Multi-Year Analysis: Report No. 036-2021-SUNAT/7T0000

January 19, 2024

Report No. 036-2021-SUNAT/7T0000 arises to specify the use of Multi-Year Information in the Transfer Pricing analysis and the possibility of considering a non-domiciled person as a party analyzed concerning the comparability analysis. This article will explore the queries about the Peru SUNAT transfer pricing rules addressed in the aforementioned report.

1. Impact of the Use of Multi-year Information in the Transfer Pricing Analysis

OECD Guidelines

In Chapter III, Section B.5, the OECD sets out crucial guidelines for the comparability analysis. The multi-year data review is important but not as a systematic requirement. The organization emphasizes the need to use multi-year data only when it adds value to the Transfer Pricing analysis, rejecting the imposition of prescriptive guidelines on the period.

The OECD Guidelines provide the option of incorporating multi-year information into the comparability analysis, either to assess the transaction subject to the Transfer Pricing rules, to determine the comparability of a transaction between independent parties, or to establish the arm’s length range. Conversely, these data over several years should be used only when they contribute to the Transfer Pricing analysis.

The OECD highlights that the inclusion of multi-year data can enhance the selection of comparable third parties by allowing the identification of significant variations in results concerning comparability characteristics. This identifying ability occasionally rejects unfitting comparables for the established criteria.

Domestic legislation

Article 110 of the Income Tax Law regulations provides the possibility of considering taxpayer data and comparable transactions from two or more years before or after the audited period exclusively to evaluate the comparability of transactions (Income Tax Law, Article 110). Conversely, it should be noted that, according to the conclusion of the Tax Administration in Report No. 036-2021-SUNAT/7T0000, this multi-year information does not affect the adjustments contemplated in subsection c) of Article 32-A of the Income Tax Law (Report No. 036-2021-SUNAT/7T0000).

The Income Tax Law establishes a limitation on the use of multi-year financial information by stating that it is not possible to use it in the construction of the interquartile range of any method (RLIR, Article 110). This restriction precludes its application in the determination of price ranges.

Financial Information Used in the Determination of Tax Adjustments

During the audit of the Transfer Pricing Study, the Tax Administration constructs the interquartile range exclusively using the financial information of the audited period of both the analyzed entity and comparable entities (Report No. 036-2021-SUNAT/7T0000). In this context, there is evidence of coherence between international guidelines and practices applied at the local level in the determination of fiscal adjustments.

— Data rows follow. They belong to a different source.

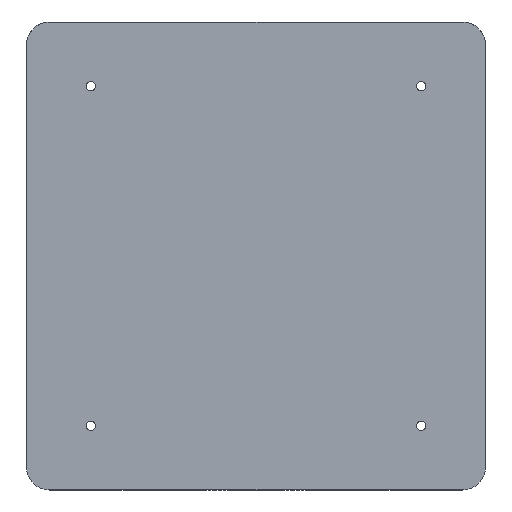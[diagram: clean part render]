
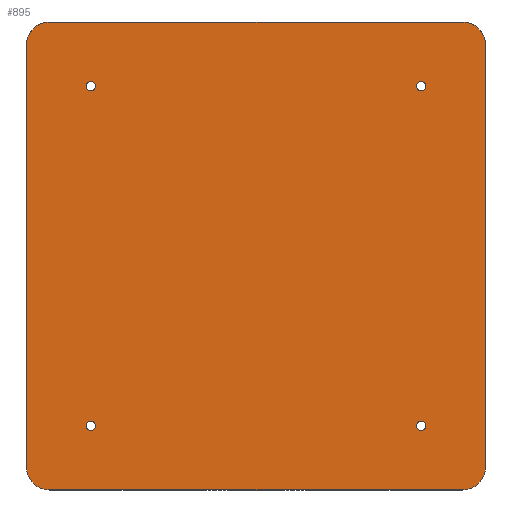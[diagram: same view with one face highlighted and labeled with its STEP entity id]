
A CAD part, front view. The second image highlights one B-rep face of the part: STEP entity #895.
In plain terms, the highlighted planar face has unit normal (0, -1, 0).
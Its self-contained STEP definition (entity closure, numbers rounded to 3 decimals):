
#8 = EDGE_LOOP ( 'NONE', ( #270, #1091 ) ) ;
#11 = ORIENTED_EDGE ( 'NONE', *, *, #1114, .T. ) ;
#15 = CIRCLE ( 'NONE', #486, 5. ) ;
#33 = LINE ( 'NONE', #805, #540 ) ;
#37 = EDGE_CURVE ( 'NONE', #62, #1197, #137, .T. ) ;
#38 = VERTEX_POINT ( 'NONE', #615 ) ;
#42 = CARTESIAN_POINT ( 'NONE',  ( -36., -2., 37. ) ) ;
#43 = VECTOR ( 'NONE', #210, 1000. ) ;
#56 = DIRECTION ( 'NONE',  ( 0., 0., 1. ) ) ;
#62 = VERTEX_POINT ( 'NONE', #569 ) ;
#63 = EDGE_CURVE ( 'NONE', #38, #1096, #315, .T. ) ;
#68 = CARTESIAN_POINT ( 'NONE',  ( 36., -2., 37. ) ) ;
#78 = AXIS2_PLACEMENT_3D ( 'NONE', #379, #993, #791 ) ;
#81 = VECTOR ( 'NONE', #867, 1000. ) ;
#83 = DIRECTION ( 'NONE',  ( 0., 0., -1. ) ) ;
#92 = DIRECTION ( 'NONE',  ( 0., -1., 0. ) ) ;
#99 = CARTESIAN_POINT ( 'NONE',  ( 36., -2., -36. ) ) ;
#105 = AXIS2_PLACEMENT_3D ( 'NONE', #42, #849, #172 ) ;
#116 = VERTEX_POINT ( 'NONE', #1064 ) ;
#118 = DIRECTION ( 'NONE',  ( 0., -1., 0. ) ) ;
#135 = CARTESIAN_POINT ( 'NONE',  ( -36., -2., -38. ) ) ;
#137 = LINE ( 'NONE', #541, #43 ) ;
#157 = ORIENTED_EDGE ( 'NONE', *, *, #904, .T. ) ;
#159 = DIRECTION ( 'NONE',  ( 0., -1., 0. ) ) ;
#172 = DIRECTION ( 'NONE',  ( 0., 0., -1. ) ) ;
#200 = CIRCLE ( 'NONE', #1117, 5. ) ;
#210 = DIRECTION ( 'NONE',  ( 0., 0., -1. ) ) ;
#217 = ORIENTED_EDGE ( 'NONE', *, *, #527, .T. ) ;
#238 = DIRECTION ( 'NONE',  ( 0., 0., -1. ) ) ;
#242 = CARTESIAN_POINT ( 'NONE',  ( 45., -2., 51. ) ) ;
#249 = FACE_BOUND ( 'NONE', #425, .T. ) ;
#250 = VERTEX_POINT ( 'NONE', #293 ) ;
#261 = EDGE_CURVE ( 'NONE', #348, #578, #1242, .T. ) ;
#262 = AXIS2_PLACEMENT_3D ( 'NONE', #622, #949, #420 ) ;
#270 = ORIENTED_EDGE ( 'NONE', *, *, #990, .F. ) ;
#275 = CARTESIAN_POINT ( 'NONE',  ( -36., -2., 37. ) ) ;
#293 = CARTESIAN_POINT ( 'NONE',  ( -45., -2., -51. ) ) ;
#315 = CIRCLE ( 'NONE', #1261, 1. ) ;
#341 = FACE_OUTER_BOUND ( 'NONE', #966, .T. ) ;
#348 = VERTEX_POINT ( 'NONE', #1195 ) ;
#350 = CARTESIAN_POINT ( 'NONE',  ( -45., -2., 51. ) ) ;
#362 = DIRECTION ( 'NONE',  ( 0., 0., -1. ) ) ;
#369 = ORIENTED_EDGE ( 'NONE', *, *, #535, .F. ) ;
#378 = EDGE_CURVE ( 'NONE', #1197, #250, #15, .T. ) ;
#379 = CARTESIAN_POINT ( 'NONE',  ( -36., -2., -37. ) ) ;
#391 = ORIENTED_EDGE ( 'NONE', *, *, #1245, .F. ) ;
#412 = VERTEX_POINT ( 'NONE', #135 ) ;
#420 = DIRECTION ( 'NONE',  ( 0., 0., -1. ) ) ;
#425 = EDGE_LOOP ( 'NONE', ( #391, #712 ) ) ;
#431 = AXIS2_PLACEMENT_3D ( 'NONE', #1285, #852, #362 ) ;
#435 = CARTESIAN_POINT ( 'NONE',  ( 45., -2., 46. ) ) ;
#438 = ORIENTED_EDGE ( 'NONE', *, *, #1005, .T. ) ;
#442 = CARTESIAN_POINT ( 'NONE',  ( -45., -2., -46. ) ) ;
#454 = AXIS2_PLACEMENT_3D ( 'NONE', #68, #1090, #573 ) ;
#459 = CARTESIAN_POINT ( 'NONE',  ( 50., -2., 46. ) ) ;
#461 = EDGE_CURVE ( 'NONE', #894, #1168, #1015, .T. ) ;
#486 = AXIS2_PLACEMENT_3D ( 'NONE', #513, #1253, #1126 ) ;
#513 = CARTESIAN_POINT ( 'NONE',  ( -45., -2., -46. ) ) ;
#527 = EDGE_CURVE ( 'NONE', #890, #571, #669, .T. ) ;
#535 = EDGE_CURVE ( 'NONE', #578, #348, #1299, .T. ) ;
#537 = CIRCLE ( 'NONE', #262, 1. ) ;
#540 = VECTOR ( 'NONE', #585, 1000. ) ;
#541 = CARTESIAN_POINT ( 'NONE',  ( -50., -2., -46. ) ) ;
#543 = AXIS2_PLACEMENT_3D ( 'NONE', #1040, #118, #632 ) ;
#551 = PLANE ( 'NONE',  #773 ) ;
#559 = FACE_BOUND ( 'NONE', #8, .T. ) ;
#561 = CARTESIAN_POINT ( 'NONE',  ( -45., -2., 51. ) ) ;
#569 = CARTESIAN_POINT ( 'NONE',  ( -50., -2., 46. ) ) ;
#571 = VERTEX_POINT ( 'NONE', #561 ) ;
#573 = DIRECTION ( 'NONE',  ( 0., 0., -1. ) ) ;
#578 = VERTEX_POINT ( 'NONE', #1267 ) ;
#585 = DIRECTION ( 'NONE',  ( 1., 0., 0. ) ) ;
#598 = DIRECTION ( 'NONE',  ( 0., -1., 0. ) ) ;
#601 = DIRECTION ( 'NONE',  ( 0., -1., 0. ) ) ;
#602 = VECTOR ( 'NONE', #56, 1000. ) ;
#605 = AXIS2_PLACEMENT_3D ( 'NONE', #1192, #598, #83 ) ;
#615 = CARTESIAN_POINT ( 'NONE',  ( 36., -2., -38. ) ) ;
#622 = CARTESIAN_POINT ( 'NONE',  ( 36., -2., -37. ) ) ;
#632 = DIRECTION ( 'NONE',  ( 0., 0., -1. ) ) ;
#658 = CARTESIAN_POINT ( 'NONE',  ( 50., -2., -46. ) ) ;
#664 = AXIS2_PLACEMENT_3D ( 'NONE', #275, #601, #1094 ) ;
#669 = LINE ( 'NONE', #350, #81 ) ;
#675 = DIRECTION ( 'NONE',  ( 0., 0., -1. ) ) ;
#676 = ORIENTED_EDGE ( 'NONE', *, *, #261, .F. ) ;
#712 = ORIENTED_EDGE ( 'NONE', *, *, #63, .F. ) ;
#715 = CIRCLE ( 'NONE', #431, 1. ) ;
#723 = ORIENTED_EDGE ( 'NONE', *, *, #1123, .F. ) ;
#734 = CIRCLE ( 'NONE', #454, 1.007 ) ;
#752 = FACE_BOUND ( 'NONE', #985, .T. ) ;
#756 = CARTESIAN_POINT ( 'NONE',  ( 50., -2., -46. ) ) ;
#758 = LINE ( 'NONE', #658, #602 ) ;
#772 = ORIENTED_EDGE ( 'NONE', *, *, #461, .F. ) ;
#773 = AXIS2_PLACEMENT_3D ( 'NONE', #442, #973, #238 ) ;
#791 = DIRECTION ( 'NONE',  ( 0., 0., -1. ) ) ;
#805 = CARTESIAN_POINT ( 'NONE',  ( -45., -2., -51. ) ) ;
#847 = CARTESIAN_POINT ( 'NONE',  ( -50., -2., -46. ) ) ;
#849 = DIRECTION ( 'NONE',  ( 0., -1., 0. ) ) ;
#852 = DIRECTION ( 'NONE',  ( 0., -1., 0. ) ) ;
#855 = CARTESIAN_POINT ( 'NONE',  ( 36., -2., -37. ) ) ;
#859 = CIRCLE ( 'NONE', #1320, 5. ) ;
#865 = VERTEX_POINT ( 'NONE', #1251 ) ;
#867 = DIRECTION ( 'NONE',  ( -1., 0., 0. ) ) ;
#871 = DIRECTION ( 'NONE',  ( 0., -1., 0. ) ) ;
#876 = DIRECTION ( 'NONE',  ( 0., 0., -1. ) ) ;
#890 = VERTEX_POINT ( 'NONE', #242 ) ;
#894 = VERTEX_POINT ( 'NONE', #1156 ) ;
#895 = ADVANCED_FACE ( 'NONE', ( #249, #1051, #341, #752, #559 ), #551, .T. ) ;
#896 = CARTESIAN_POINT ( 'NONE',  ( 45., -2., -46. ) ) ;
#904 = EDGE_CURVE ( 'NONE', #1286, #963, #758, .T. ) ;
#923 = EDGE_CURVE ( 'NONE', #963, #890, #200, .T. ) ;
#936 = EDGE_LOOP ( 'NONE', ( #369, #676 ) ) ;
#940 = CARTESIAN_POINT ( 'NONE',  ( 36., -2., 35.993 ) ) ;
#949 = DIRECTION ( 'NONE',  ( 0., -1., 0. ) ) ;
#963 = VERTEX_POINT ( 'NONE', #459 ) ;
#966 = EDGE_LOOP ( 'NONE', ( #1300, #438, #11, #157, #1019, #217, #1140, #1084 ) ) ;
#973 = DIRECTION ( 'NONE',  ( 0., -1., 0. ) ) ;
#985 = EDGE_LOOP ( 'NONE', ( #772, #723 ) ) ;
#990 = EDGE_CURVE ( 'NONE', #116, #412, #715, .T. ) ;
#993 = DIRECTION ( 'NONE',  ( 0., -1., 0. ) ) ;
#1005 = EDGE_CURVE ( 'NONE', #250, #865, #33, .T. ) ;
#1015 = CIRCLE ( 'NONE', #543, 1.007 ) ;
#1019 = ORIENTED_EDGE ( 'NONE', *, *, #923, .T. ) ;
#1040 = CARTESIAN_POINT ( 'NONE',  ( 36., -2., 37. ) ) ;
#1043 = EDGE_CURVE ( 'NONE', #571, #62, #1227, .T. ) ;
#1051 = FACE_BOUND ( 'NONE', #936, .T. ) ;
#1064 = CARTESIAN_POINT ( 'NONE',  ( -36., -2., -36. ) ) ;
#1075 = EDGE_CURVE ( 'NONE', #412, #116, #1296, .T. ) ;
#1084 = ORIENTED_EDGE ( 'NONE', *, *, #37, .T. ) ;
#1090 = DIRECTION ( 'NONE',  ( 0., -1., 0. ) ) ;
#1091 = ORIENTED_EDGE ( 'NONE', *, *, #1075, .F. ) ;
#1094 = DIRECTION ( 'NONE',  ( 0., 0., -1. ) ) ;
#1096 = VERTEX_POINT ( 'NONE', #99 ) ;
#1114 = EDGE_CURVE ( 'NONE', #865, #1286, #859, .T. ) ;
#1117 = AXIS2_PLACEMENT_3D ( 'NONE', #435, #871, #1176 ) ;
#1123 = EDGE_CURVE ( 'NONE', #1168, #894, #734, .T. ) ;
#1126 = DIRECTION ( 'NONE',  ( 0., 0., -1. ) ) ;
#1140 = ORIENTED_EDGE ( 'NONE', *, *, #1043, .T. ) ;
#1156 = CARTESIAN_POINT ( 'NONE',  ( 36., -2., 38.007 ) ) ;
#1168 = VERTEX_POINT ( 'NONE', #940 ) ;
#1176 = DIRECTION ( 'NONE',  ( 0., 0., -1. ) ) ;
#1192 = CARTESIAN_POINT ( 'NONE',  ( -45., -2., 46. ) ) ;
#1195 = CARTESIAN_POINT ( 'NONE',  ( -36., -2., 36. ) ) ;
#1197 = VERTEX_POINT ( 'NONE', #847 ) ;
#1227 = CIRCLE ( 'NONE', #605, 5. ) ;
#1242 = CIRCLE ( 'NONE', #664, 1. ) ;
#1245 = EDGE_CURVE ( 'NONE', #1096, #38, #537, .T. ) ;
#1251 = CARTESIAN_POINT ( 'NONE',  ( 45., -2., -51. ) ) ;
#1253 = DIRECTION ( 'NONE',  ( 0., -1., 0. ) ) ;
#1261 = AXIS2_PLACEMENT_3D ( 'NONE', #855, #159, #876 ) ;
#1267 = CARTESIAN_POINT ( 'NONE',  ( -36., -2., 38. ) ) ;
#1285 = CARTESIAN_POINT ( 'NONE',  ( -36., -2., -37. ) ) ;
#1286 = VERTEX_POINT ( 'NONE', #756 ) ;
#1296 = CIRCLE ( 'NONE', #78, 1. ) ;
#1299 = CIRCLE ( 'NONE', #105, 1. ) ;
#1300 = ORIENTED_EDGE ( 'NONE', *, *, #378, .T. ) ;
#1320 = AXIS2_PLACEMENT_3D ( 'NONE', #896, #92, #675 ) ;
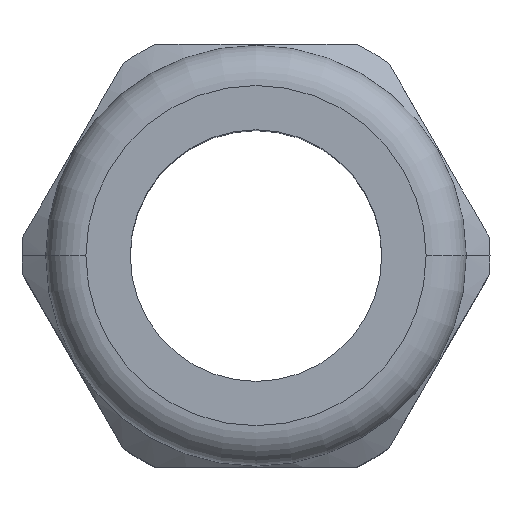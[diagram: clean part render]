
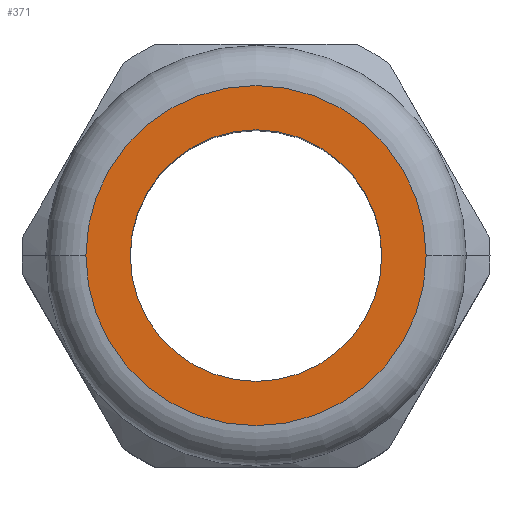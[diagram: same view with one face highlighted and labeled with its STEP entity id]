
A CAD part, top view. The second image highlights one B-rep face of the part: STEP entity #371.
In plain terms, the highlighted planar face has unit normal (0, 0, 1).
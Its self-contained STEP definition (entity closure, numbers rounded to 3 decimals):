
#13 = EDGE_CURVE ( 'NONE', #226, #227, #380, .T. ) ;
#70 = DIRECTION ( 'NONE',  ( -1., 0., 0. ) ) ;
#74 = DIRECTION ( 'NONE',  ( 0., 0., -1. ) ) ;
#142 = EDGE_CURVE ( 'NONE', #231, #198, #892, .T. ) ;
#198 = VERTEX_POINT ( 'NONE', #825 ) ;
#226 = VERTEX_POINT ( 'NONE', #1146 ) ;
#227 = VERTEX_POINT ( 'NONE', #1151 ) ;
#231 = VERTEX_POINT ( 'NONE', #1159 ) ;
#327 = EDGE_CURVE ( 'NONE', #198, #231, #1178, .T. ) ;
#328 = EDGE_LOOP ( 'NONE', ( #329, #330 ) ) ;
#329 = ORIENTED_EDGE ( 'NONE', *, *, #142, .T. ) ;
#330 = ORIENTED_EDGE ( 'NONE', *, *, #327, .T. ) ;
#371 = ADVANCED_FACE ( 'NONE', ( #1330, #1320 ), #1248, .T. ) ;
#372 = EDGE_CURVE ( 'NONE', #227, #226, #1372, .T. ) ;
#380 = CIRCLE ( 'NONE', #420, 12.5 ) ;
#406 = EDGE_LOOP ( 'NONE', ( #452, #409 ) ) ;
#409 = ORIENTED_EDGE ( 'NONE', *, *, #13, .T. ) ;
#420 = AXIS2_PLACEMENT_3D ( 'NONE', #427, #74, #70 ) ;
#427 = CARTESIAN_POINT ( 'NONE',  ( 0., 0., 49. ) ) ;
#452 = ORIENTED_EDGE ( 'NONE', *, *, #372, .T. ) ;
#825 = CARTESIAN_POINT ( 'NONE',  ( -16.9, 0., 49. ) ) ;
#889 = DIRECTION ( 'NONE',  ( 1., 0., 0. ) ) ;
#890 = DIRECTION ( 'NONE',  ( 0., 0., 1. ) ) ;
#891 = CARTESIAN_POINT ( 'NONE',  ( 0., 0., 49. ) ) ;
#892 = CIRCLE ( 'NONE', #945, 16.9 ) ;
#945 = AXIS2_PLACEMENT_3D ( 'NONE', #891, #890, #889 ) ;
#1146 = CARTESIAN_POINT ( 'NONE',  ( 12.5, 0., 49. ) ) ;
#1151 = CARTESIAN_POINT ( 'NONE',  ( -12.5, 0., 49. ) ) ;
#1159 = CARTESIAN_POINT ( 'NONE',  ( 16.9, 0., 49. ) ) ;
#1175 = DIRECTION ( 'NONE',  ( 1., 0., 0. ) ) ;
#1176 = DIRECTION ( 'NONE',  ( 0., 0., 1. ) ) ;
#1177 = CARTESIAN_POINT ( 'NONE',  ( 0., 0., 49. ) ) ;
#1178 = CIRCLE ( 'NONE', #1265, 16.9 ) ;
#1248 = PLANE ( 'NONE',  #1313 ) ;
#1265 = AXIS2_PLACEMENT_3D ( 'NONE', #1177, #1176, #1175 ) ;
#1313 = AXIS2_PLACEMENT_3D ( 'NONE', #1324, #1319, #1376 ) ;
#1314 = AXIS2_PLACEMENT_3D ( 'NONE', #1371, #1370, #1369 ) ;
#1319 = DIRECTION ( 'NONE',  ( 0., 0., 1. ) ) ;
#1320 = FACE_OUTER_BOUND ( 'NONE', #328, .T. ) ;
#1324 = CARTESIAN_POINT ( 'NONE',  ( 0., 0., 49. ) ) ;
#1330 = FACE_BOUND ( 'NONE', #406, .T. ) ;
#1369 = DIRECTION ( 'NONE',  ( -1., 0., 0. ) ) ;
#1370 = DIRECTION ( 'NONE',  ( 0., 0., -1. ) ) ;
#1371 = CARTESIAN_POINT ( 'NONE',  ( 0., 0., 49. ) ) ;
#1372 = CIRCLE ( 'NONE', #1314, 12.5 ) ;
#1376 = DIRECTION ( 'NONE',  ( 1., 0., 0. ) ) ;

2. Non-domiciled subject as an analysed party

OECD Guidelines

The OECD guidelines state that the tested party in a transaction will be the one carrying out the easiest transactions to identify and evaluate with the most reliable comparable information without specifying whether it has to be domiciled or not.

Domestic Legislation

Given that the Income Tax Law and the regulations do not contemplate any rule regarding the choice of the “tested party,” the tax administration validates to consider the non-domiciled subject as the tested party, who made a transaction with a taxpayer domiciled in the country, to assess whether the market value rule is met.

3. Conclusions

In conclusion, Report No. 036-2021-SUNAT/7T0000 has been crucial in clarifying the use of Multi-Year Information in the Transfer Pricing analysis and the consideration of non-domiciled subjects as tested parties in the context of Peruvian regulations.

Particularly relevant is the Tax Administration’s interpretation of the use of multi-year information in the context of Article 110 of the RLIR, emphasizing its specific application in the comparability assessment and not in the adjustments contemplated in subsection c) of Article 32-A of the Income Tax Law. In addition, the inclusion of non-domiciled subjects as tested parties broadens the approach, aligning with the OECD guidelines, although the domestic legislation does not specify this. Thus, this report contributes to the coherence between national and international practices in the determination of tax adjustments and Transfer Pricing.